Aerosol ai bambini: quando e come farlo e quale modello scegliere

Aerosol: i migliori modelli per bambini e adulti

Aerosol ai bambini: quando e come farlo e quale modello scegliere

L’aerosol è da sempre uno strumento indispensabile per aiutare il processo di guarigione di particolari patologie. La sua funzione è molto semplice, è sufficiente respirare all’intero della mascherina per ritrovare un immediato benessere e liberare le vie aeree.

Grazie all’uso dell’aerosol è possibile combattere i soliti malanni di stagione: raffreddori, tosse, bronchiti di vario livello e mal di gola. È una delle terapie più famose e suggestive che colpiscono la nostra immaginazione fin dalla prima infanzia. Infatti, questo dispositivo è ideale non solo per gli adulti ma soprattutto per i bambini.

Scopriamo insieme come funziona e quali sono i modelli migliori disponibili in commercio. Buona lettura!

Come funziona l’aerosol

Il sistema di funzionamento dell’aerosol è piuttosto semplice. In genere è il medico di base che ne prescrive l’utilizzo indicando il dosaggio farmacologico necessario per liberare le vie respiratorie.

Aerosol a pistone portatile Eolo… Aerosol Kyara Airy con motore ad… Aerosol Happyneb II Fasterjet con…

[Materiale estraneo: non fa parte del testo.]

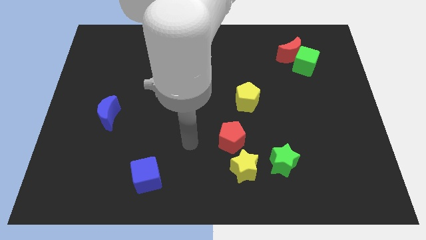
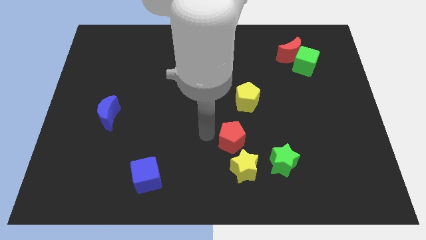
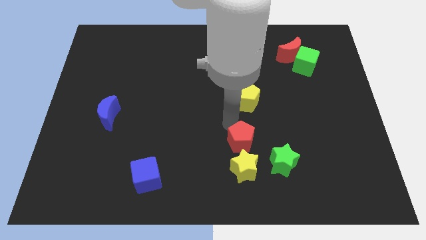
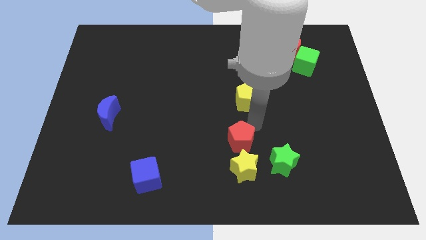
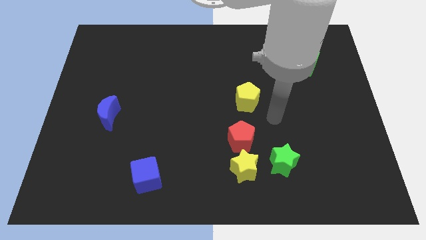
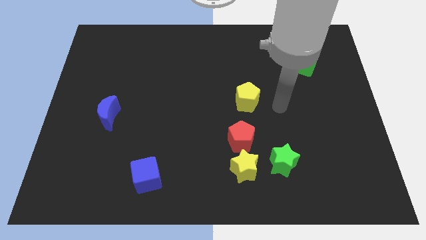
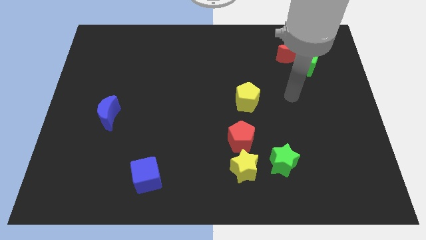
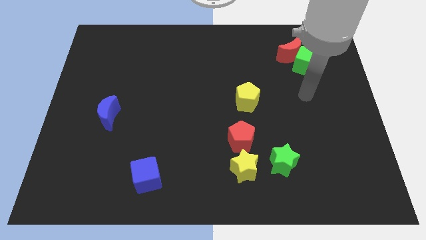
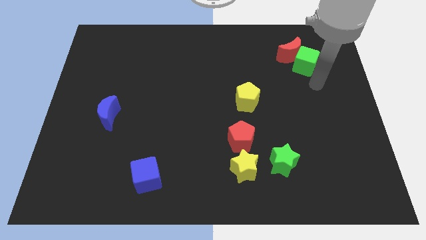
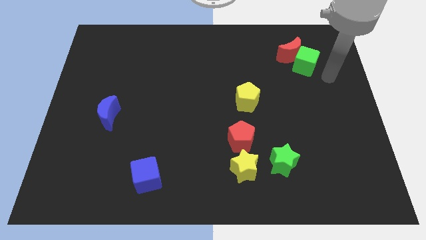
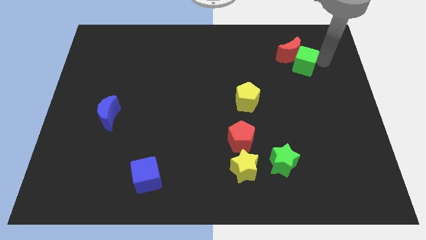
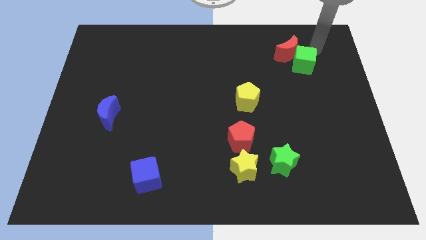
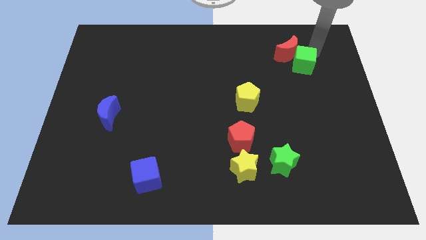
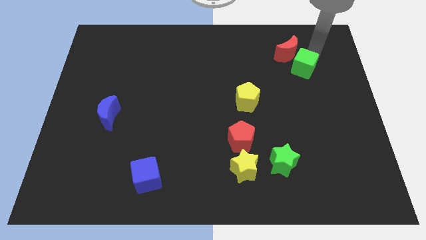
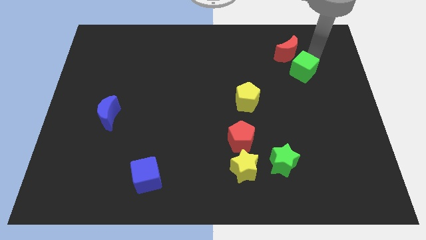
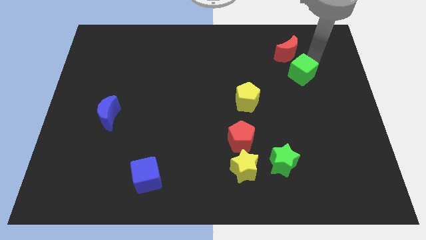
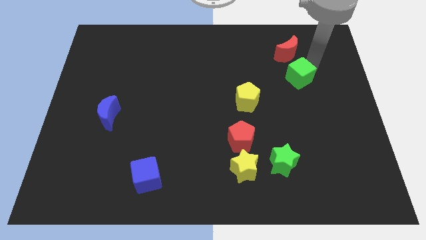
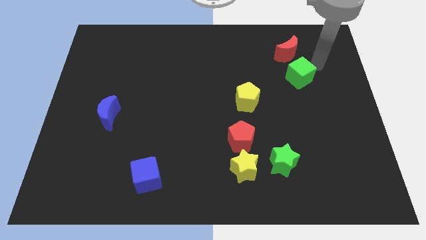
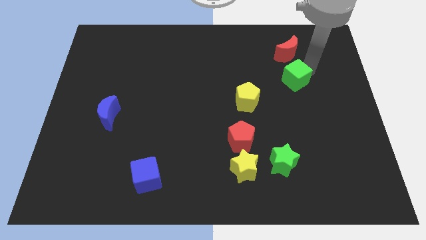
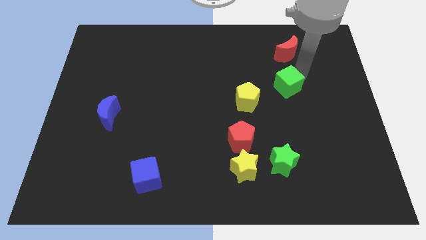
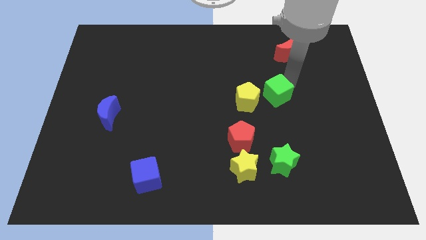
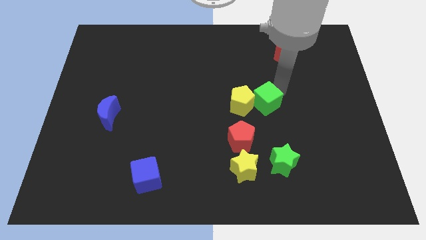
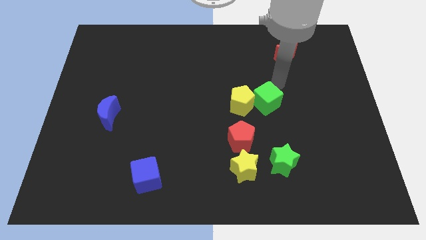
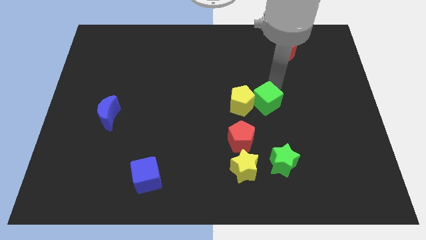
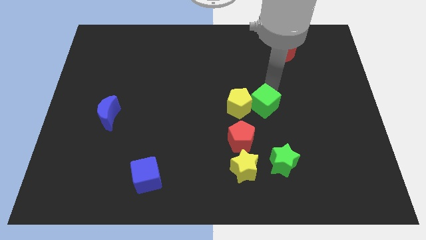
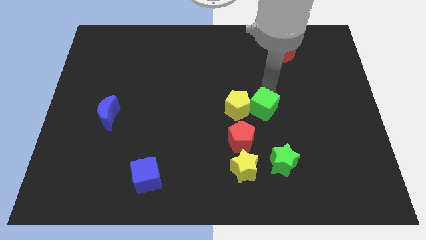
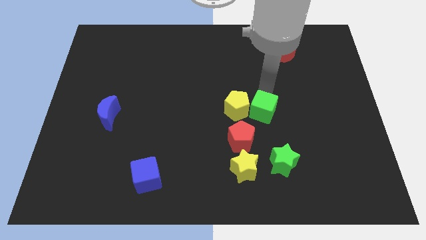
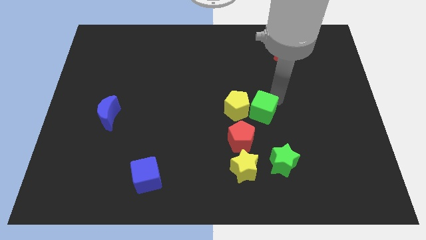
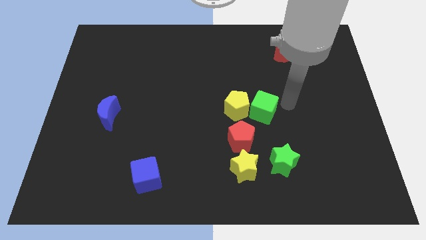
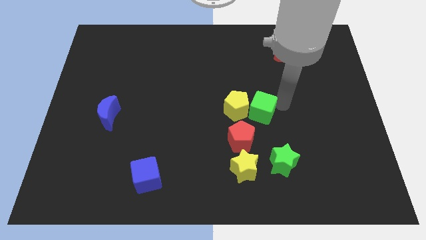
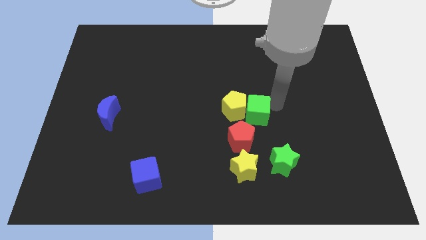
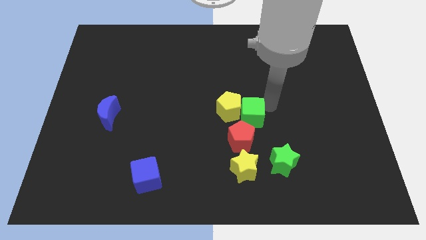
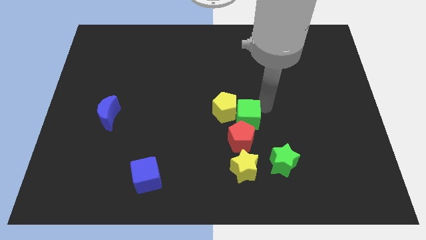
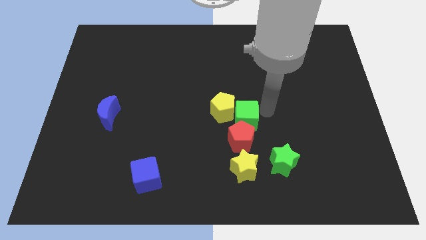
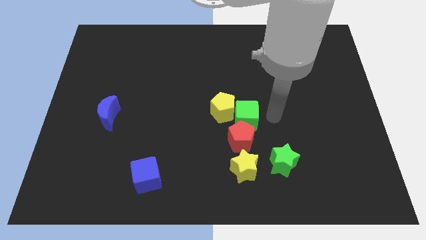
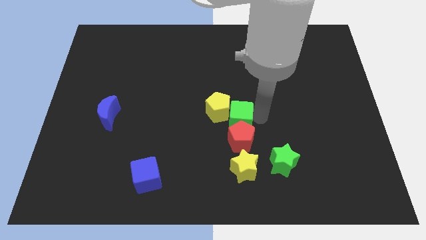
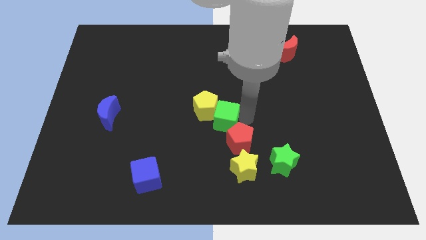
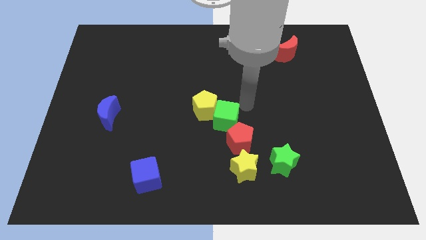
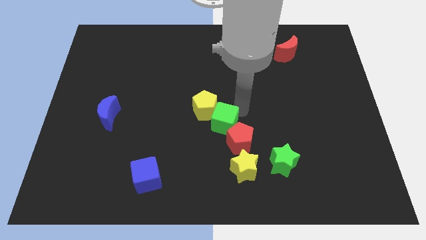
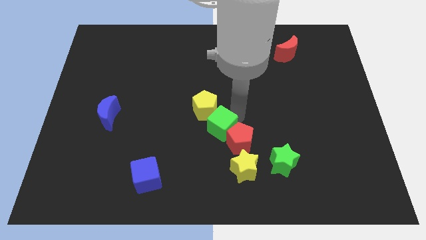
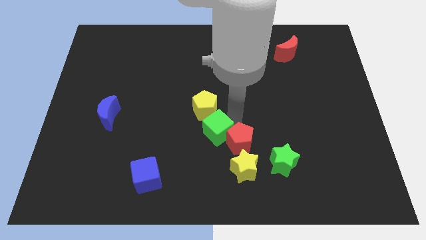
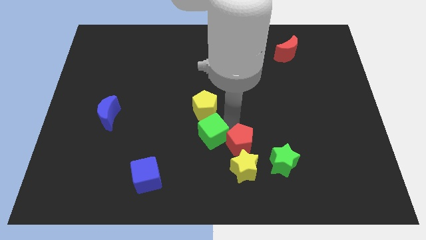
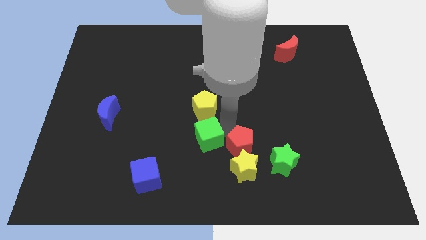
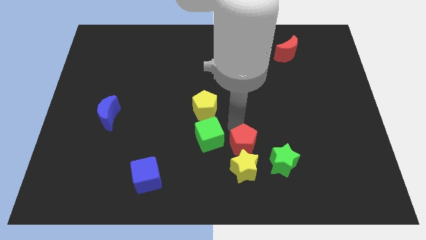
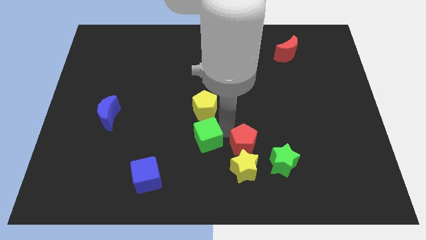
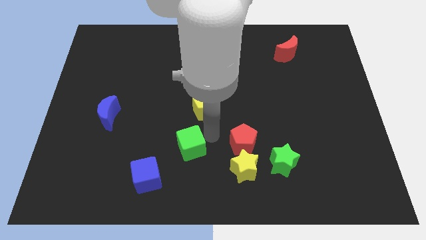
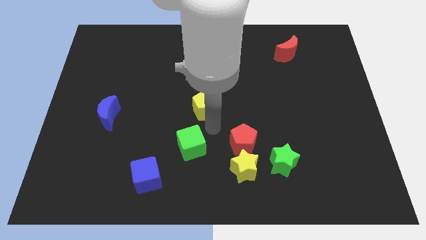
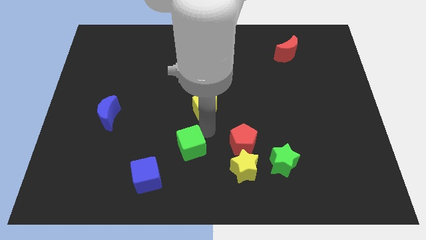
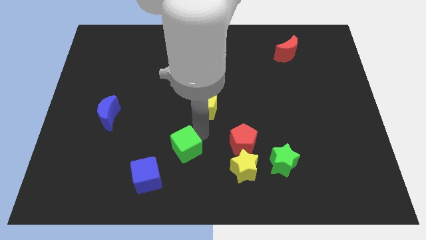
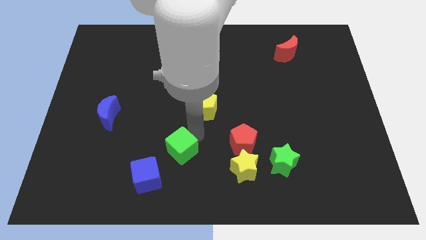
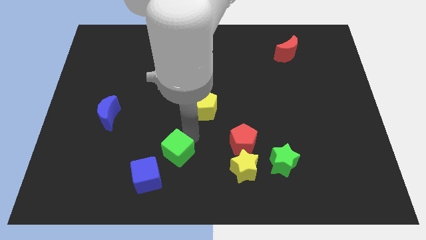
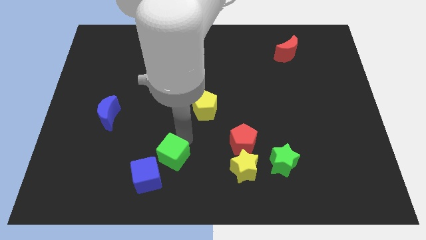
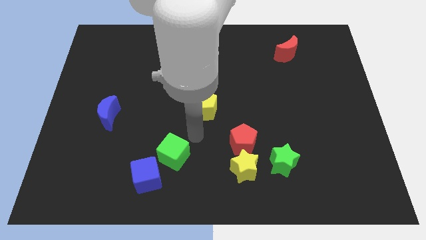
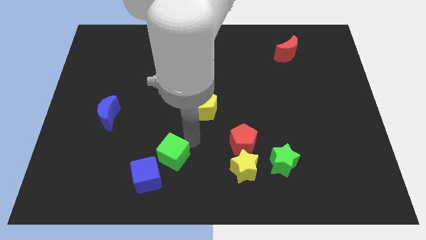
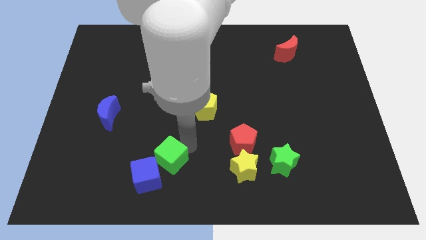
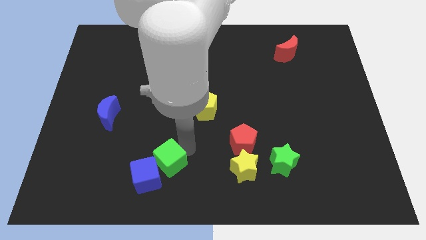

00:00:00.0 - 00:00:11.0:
slide the green cube towards the blue cube

Prima di iniziare con la seduta si consiglia di lavare bene le mani e di procedere con la preparazione del medicinale che andrà versato nell’ampolla insieme alla soluzione fisiologica per l’aerosol. A questo punto potrai collegare l’ampolla al compressore e alla maschera per iniziare la terapia. La seduta dura fino a quando tutta la soluzione nell’ampolla non sarà completamente esaurita.

Una volta terminato l’aerosol, è importante lavare bene la faccia, per rimuovere le tracce della medicina rimaste sul viso.

In commercio sono presenti numerosi modelli che si adattano alla perfezione alle esigenze del paziente.

Esistono soluzioni specifiche per i bambini e diverse mascherine che permettono di localizzare in modo specifico la medicina.

Infatti, il principio fondamentale su cui si basa l’aerosol è proprio quello di trasformare una soluzione di farmaci, o la soluzione fisiologica, in una nebulizzazione da inalare.

Per farlo vengono impiegati due tipi di aerosol:

  • Aerosol pneumatici
  • Aerosol ad ultrasuoni

Scopriamo insieme la differenza tra i due modelli di aerosol per comprendere quello più adatto al tuo utilizzo.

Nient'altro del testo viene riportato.